Dynamic probabilistic risk assessment and game theory for cyber security risk analysis in nuclear power plants

Nuclear Power Plants and energy systems have become more prone to cyber-attacks with their digitalization and the increased use of smart equipment. Hence, it is important to quantify the risk associated with cyber-attacks in such systems. Dynamic Probabilistic Risk Assessment which involves studying the evolution of a system due to random events and operator and attacker actions during a cyber-attack by employing a physics-based model of the system is a suitable framework to quantify cybersecurity risk in nuclear power plants. In addition to the plant dynamics, it is also important to model the strategies of the attackers and plant operators for an effective cybersecurity risk assessment. Game theory provides a set of necessary tools to model such strategic interactions.
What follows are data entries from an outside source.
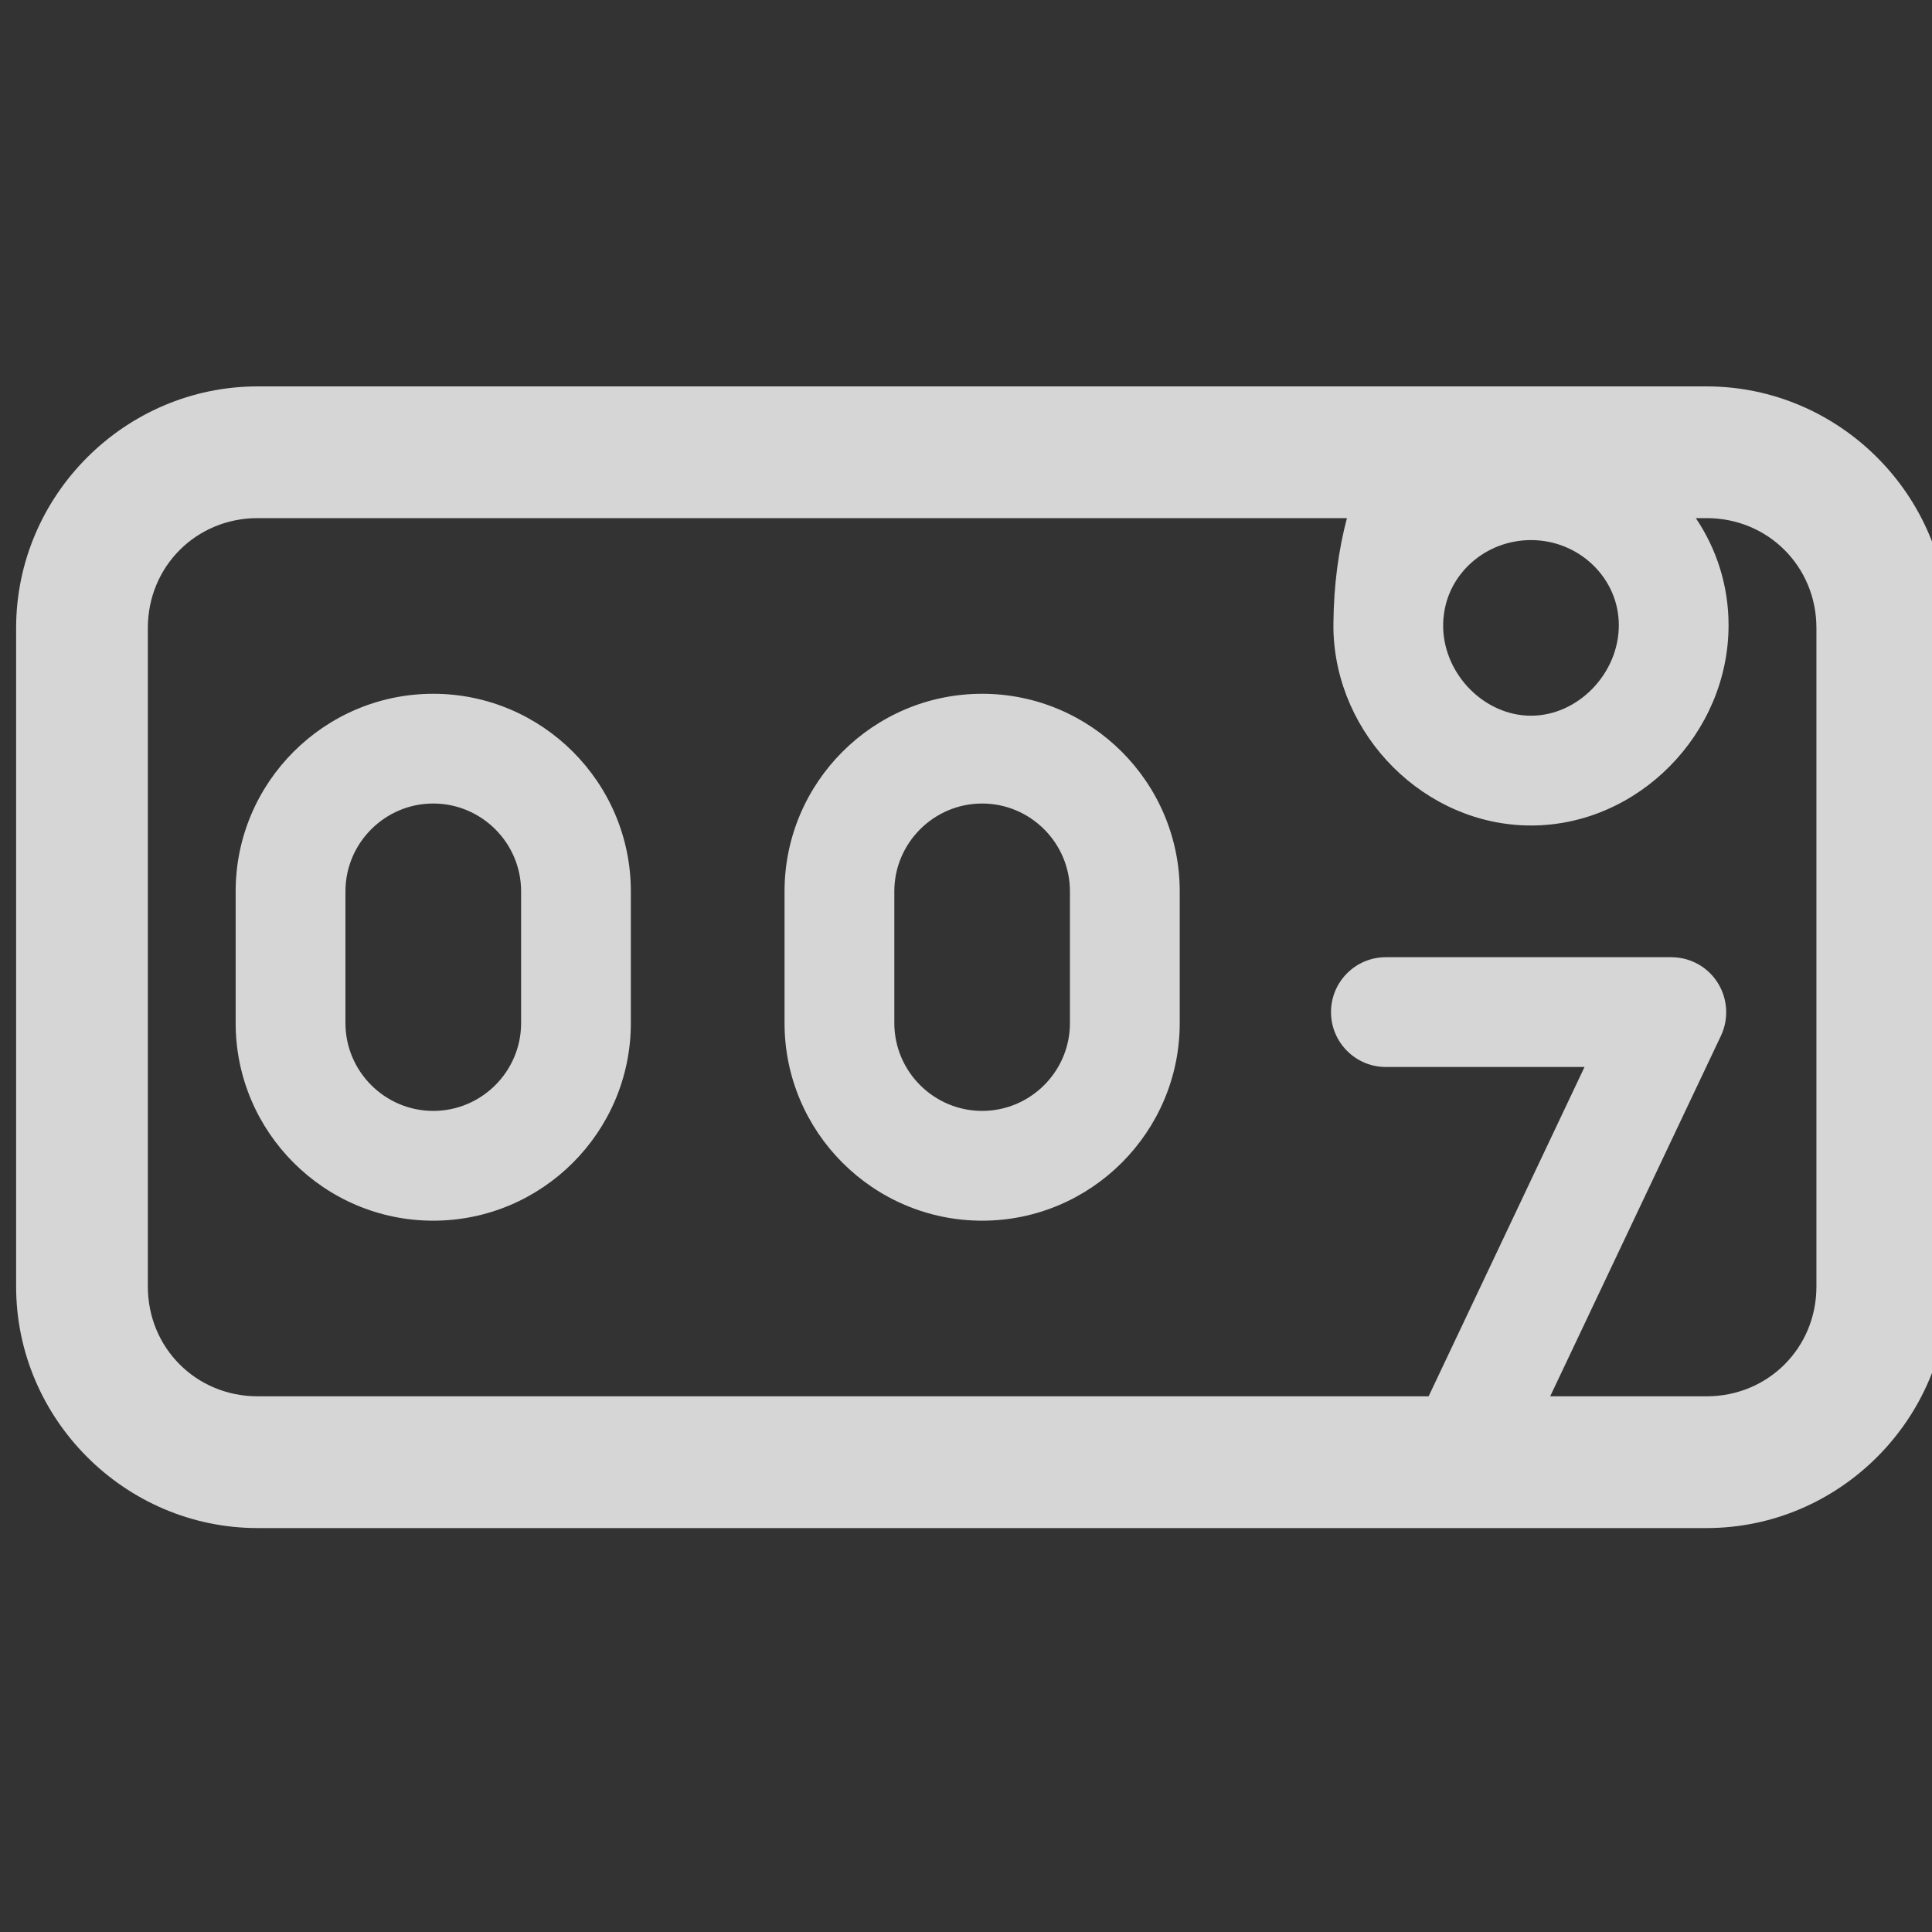 <svg width="40" height="40" viewBox="0 0 40 40" fill="none" xmlns="http://www.w3.org/2000/svg">
    <rect x="0" y="0" width="40" height="40" fill="#333333" stroke="none"/>
    <g clip-path="url(#clip0_2768_10103)">
        <path d="M5.334 8C2.589 8 0.334 10.255 0.334 13V26.637C0.334 29.381 2.589 31.637 5.334 31.637H35.334C38.079 31.637 40.334 29.381 40.334 26.637V13C40.334 10.255 38.079 8 35.334 8H5.334ZM5.334 10.727H27.887C27.717 11.37 27.614 12.091 27.607 12.911V13.028C27.653 15.237 29.507 17.091 31.698 17.091C33.917 17.091 35.788 15.191 35.788 12.943C35.788 12.126 35.54 11.363 35.11 10.727H35.334C36.605 10.727 37.607 11.729 37.607 13V26.637C37.607 27.908 36.605 28.909 35.334 28.909H32.095L35.632 21.441C35.796 21.09 35.771 20.674 35.561 20.344C35.355 20.017 34.993 19.818 34.602 19.818H28.693C28.065 19.818 27.557 20.326 27.557 20.955C27.557 21.58 28.065 22.091 28.693 22.091H32.806L29.578 28.909H5.334C4.063 28.909 3.061 27.908 3.061 26.637V13C3.061 11.729 4.063 10.727 5.334 10.727ZM31.698 11.182C32.699 11.182 33.516 11.974 33.516 12.943C33.516 13.945 32.671 14.818 31.698 14.818C30.742 14.818 29.908 13.98 29.879 13C29.879 12.918 29.879 12.837 29.89 12.762C29.979 11.874 30.76 11.182 31.698 11.182ZM8.97 14.364C6.715 14.364 4.879 16.2 4.879 18.455V21.182C4.879 23.437 6.715 25.273 8.97 25.273C11.225 25.273 13.061 23.437 13.061 21.182V18.455C13.061 16.2 11.225 14.364 8.97 14.364ZM20.334 14.364C18.079 14.364 16.243 16.2 16.243 18.455V21.182C16.243 23.437 18.079 25.273 20.334 25.273C22.589 25.273 24.425 23.437 24.425 21.182V18.455C24.425 16.2 22.589 14.364 20.334 14.364ZM8.97 16.636C9.972 16.636 10.789 17.453 10.789 18.455V21.182C10.789 22.183 9.972 23 8.97 23C7.969 23 7.152 22.183 7.152 21.182V18.455C7.152 17.453 7.969 16.636 8.97 16.636ZM20.334 16.636C21.335 16.636 22.152 17.453 22.152 18.455V21.182C22.152 22.183 21.335 23 20.334 23C19.333 23 18.516 22.183 18.516 21.182V18.455C18.516 17.453 19.333 16.636 20.334 16.636Z" fill="white" fill-opacity="0.8"/>
    </g>
    <defs>
        <clipPath id="clip0_2768_10103">
            <rect width="40" height="40" fill="white"/>
        </clipPath>
    </defs>
</svg>

In this research, a framework that integrates dynamic probabilistic risk assessment with game theory for cybersecurity risk analysis in nuclear power plants is presented. The mathematical formulation is derived based on the theory of continuous event trees. We propose a game theory based action model, that utilizes physics-based rewards to define the strategies of attackers and operators at every decision epoch. As a case study, the risk associated with cyber-attacks on the digital components in the secondary side of a pressurized water reactor is studied using a reduced order model. A set of attacker actions and a set of operator actions are defined for the system. The operator and attacker interactions were modelled using simultaneous game, their action policies were computed using the concept of mixed strategy Nash equilibrium and the evolution of the system was studied.